Which lines of the records below contain the word "wide"? Copy each of them out.

■ ■ ■

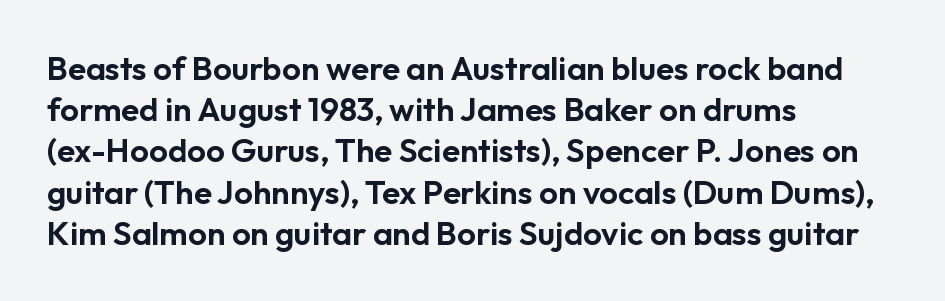
Q: Is the text italic (slanted)? A: No, it is upright.
Q: Is the typeface a serif or a sans-serif typeface? A: Sans-serif.
Q: Is the text underlined? A: No.
Q: How is the paragraph aligned? A: Left-aligned.
Q: Is the spacing between letters normal or unusually wide? A: Normal.
Q: Is the spacing between lines tight, normal or loose? A: Normal.
Q: Width (condensed, normal, or wide)? A: Normal.
Q: Stroke contrast? A: Low.
Q: x-height? A: Medium.
Q: Monospaced? A: No.

■ ■ ■

ANSWER SECTION »
Q: Is the spacing between letters normal or unusually wide? A: Normal.
Q: Width (condensed, normal, or wide)? A: Normal.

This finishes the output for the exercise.